TJX Companies (TJX 0.34%) hasn't given investors much to celebrate in its last two earnings reports. Like its peers, the off-price retailing giant endured a massive disruption to its business thanks to the COVID-19 pandemic. But its relatively tiny e-commerce platform has meant the rebound has been much slower. While Nike returned to modest sales growth one quarter after logging a 46% slump in the U.S. market, for example, TJX shrank its revenue base in both its fiscal first and second quarters.

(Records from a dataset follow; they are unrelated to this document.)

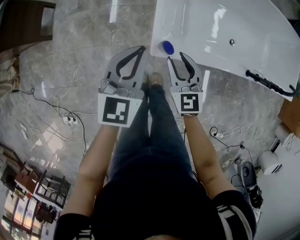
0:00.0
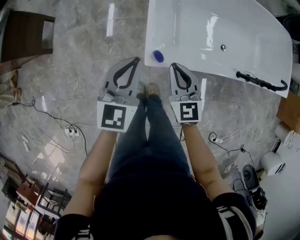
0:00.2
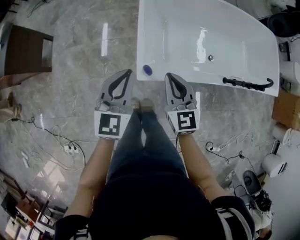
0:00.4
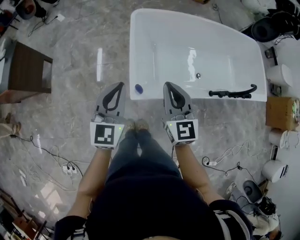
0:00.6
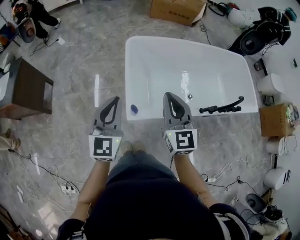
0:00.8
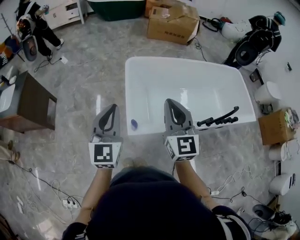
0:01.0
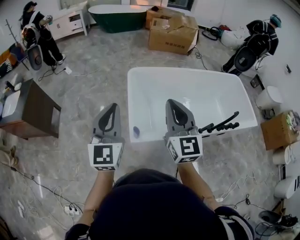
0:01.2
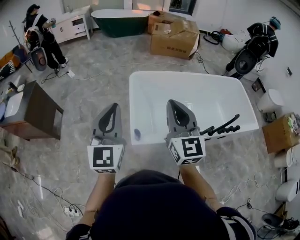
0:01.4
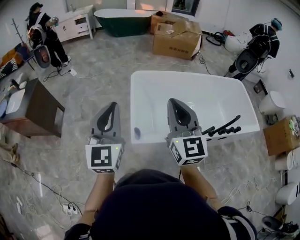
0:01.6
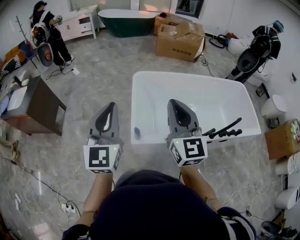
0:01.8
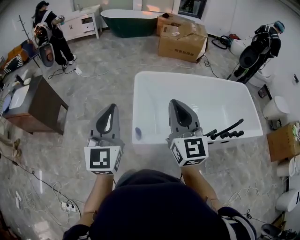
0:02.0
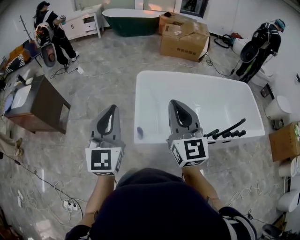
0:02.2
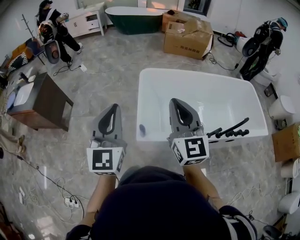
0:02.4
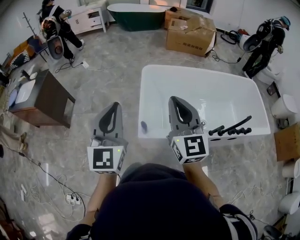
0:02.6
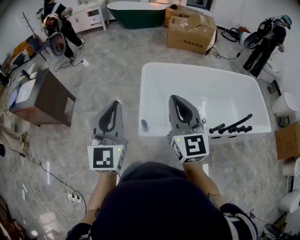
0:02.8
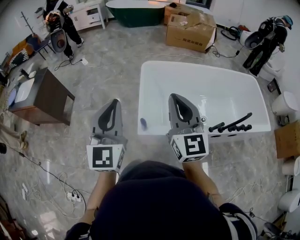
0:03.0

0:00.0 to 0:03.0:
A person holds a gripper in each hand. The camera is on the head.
0:00.0 to 0:01.6: The two grippers go about 40 cm upward. The right gripper changes its angle by roughly 30 degrees, and closes its fingers; the left gripper turns by some 30 degrees.
0:01.6 to 0:03.0: The grippers stay close to where they were, moving slightly.

The company has an opportunity to improve on that negative trajectory when it reports third-quarter results on Wednesday, Nov. 18. Let's look at the key metrics to watch in that announcement.
Another step backwards
TJX announced a significant growth improvement last quarter as sales declines moderated to 32% compared to the 52% slump that characterized the months-long COVID-19-containment shutdown in the spring. But there were additional red flags in the company's Q2 report, including stubbornly low customer traffic after so many stores reopened. The owner of the TJ Maxx and Marshalls brands also noted that it struggled to stock its locations adequately.
These challenges convinced management to take a cautious outlook for fiscal Q3, and most investors who follow the stock are similarly downbeat about this week's results. Sales are projected to fall 10% this quarter, or roughly on par with TJX's forecast of double-digit losses even as companies like Walmart achieve record apparel sales.
Cost challenges
The earnings picture isn't especially bright, either. TJX said its impressive cash flow last quarter was mainly the result of a pause in new inventory purchases, which means profit pressures will likely roar back for the second half of the fiscal year. Its supply-chain challenges, combined with efforts to ramp up its digital-selling platform, could also reduce earnings.

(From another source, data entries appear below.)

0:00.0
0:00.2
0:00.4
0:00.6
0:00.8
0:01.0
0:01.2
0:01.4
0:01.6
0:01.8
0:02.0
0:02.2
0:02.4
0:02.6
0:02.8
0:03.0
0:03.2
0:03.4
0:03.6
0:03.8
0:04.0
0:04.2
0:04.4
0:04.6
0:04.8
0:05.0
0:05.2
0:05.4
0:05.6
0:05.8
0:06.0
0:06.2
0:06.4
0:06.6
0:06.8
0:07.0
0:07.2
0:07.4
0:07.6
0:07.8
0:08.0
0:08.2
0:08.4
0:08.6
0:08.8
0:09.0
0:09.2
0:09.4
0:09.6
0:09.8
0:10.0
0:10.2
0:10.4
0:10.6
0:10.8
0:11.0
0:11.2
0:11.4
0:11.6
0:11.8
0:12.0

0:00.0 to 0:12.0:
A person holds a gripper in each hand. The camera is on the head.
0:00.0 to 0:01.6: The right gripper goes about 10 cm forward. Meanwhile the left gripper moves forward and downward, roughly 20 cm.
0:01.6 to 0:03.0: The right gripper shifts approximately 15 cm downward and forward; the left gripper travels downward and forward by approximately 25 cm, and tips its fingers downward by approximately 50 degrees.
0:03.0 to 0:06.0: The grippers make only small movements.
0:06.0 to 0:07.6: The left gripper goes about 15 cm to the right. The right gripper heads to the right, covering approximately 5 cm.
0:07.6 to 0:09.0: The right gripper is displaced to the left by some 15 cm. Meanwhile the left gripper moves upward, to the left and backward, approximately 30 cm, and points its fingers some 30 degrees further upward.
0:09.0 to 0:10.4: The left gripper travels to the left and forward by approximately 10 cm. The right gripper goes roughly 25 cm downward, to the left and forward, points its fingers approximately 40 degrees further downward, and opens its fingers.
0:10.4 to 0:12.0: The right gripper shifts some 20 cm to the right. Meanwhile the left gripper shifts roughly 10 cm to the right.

Altogether, investors are bracing for profits to fall to $0.39 per share from $0.68 per share a year ago.
The biggest questions revolve around TJX's rebound trajectory, which won't be clear until after the key holiday shopping season passes. But we'll get a big clue about the retailer's position heading into that crush when CEO Ernie Herman and his team issue their inventory update.

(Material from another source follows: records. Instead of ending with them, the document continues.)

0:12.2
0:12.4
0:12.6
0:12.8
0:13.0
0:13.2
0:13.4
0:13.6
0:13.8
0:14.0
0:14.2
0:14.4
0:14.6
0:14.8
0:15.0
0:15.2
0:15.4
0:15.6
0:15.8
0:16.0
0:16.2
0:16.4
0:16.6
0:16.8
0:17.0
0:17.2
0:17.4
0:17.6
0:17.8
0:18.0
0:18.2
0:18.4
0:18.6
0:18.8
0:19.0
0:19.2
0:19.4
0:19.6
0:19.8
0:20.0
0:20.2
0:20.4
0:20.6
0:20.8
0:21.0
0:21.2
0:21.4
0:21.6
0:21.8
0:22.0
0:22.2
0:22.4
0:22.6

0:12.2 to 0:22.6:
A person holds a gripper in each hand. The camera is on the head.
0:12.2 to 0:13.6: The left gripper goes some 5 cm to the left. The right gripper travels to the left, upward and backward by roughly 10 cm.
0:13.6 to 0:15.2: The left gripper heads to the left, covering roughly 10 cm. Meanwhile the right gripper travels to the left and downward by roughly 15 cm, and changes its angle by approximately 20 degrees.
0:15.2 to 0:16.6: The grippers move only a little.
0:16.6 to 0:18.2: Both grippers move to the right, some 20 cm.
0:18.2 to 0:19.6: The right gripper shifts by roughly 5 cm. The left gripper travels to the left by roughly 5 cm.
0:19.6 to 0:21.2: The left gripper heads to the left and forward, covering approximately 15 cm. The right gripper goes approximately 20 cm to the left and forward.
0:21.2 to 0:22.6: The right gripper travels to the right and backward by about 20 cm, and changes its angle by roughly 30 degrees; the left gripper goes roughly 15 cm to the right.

TJX noted in August that it was struggling to find excess merchandise to purchase within niches like home furnishings and home decorating. These categories are seeing booming demand during the pandemic, but the off-price retailer hasn't been able to fully capitalize on that growth.
Looking to the holidays
The company's fourth-quarter outlook might depend on how well its merchandise-buying teams have managed to fix that problem. It's likely that the home-furnishings segment will see elevated demand through the holidays and into 2021, and the retailer should be able to capitalize on that favorable selling environment. But having the right inventory in stock won't help TJX much if it can't find a way to get customer-traffic levels trending back up toward normal levels this season.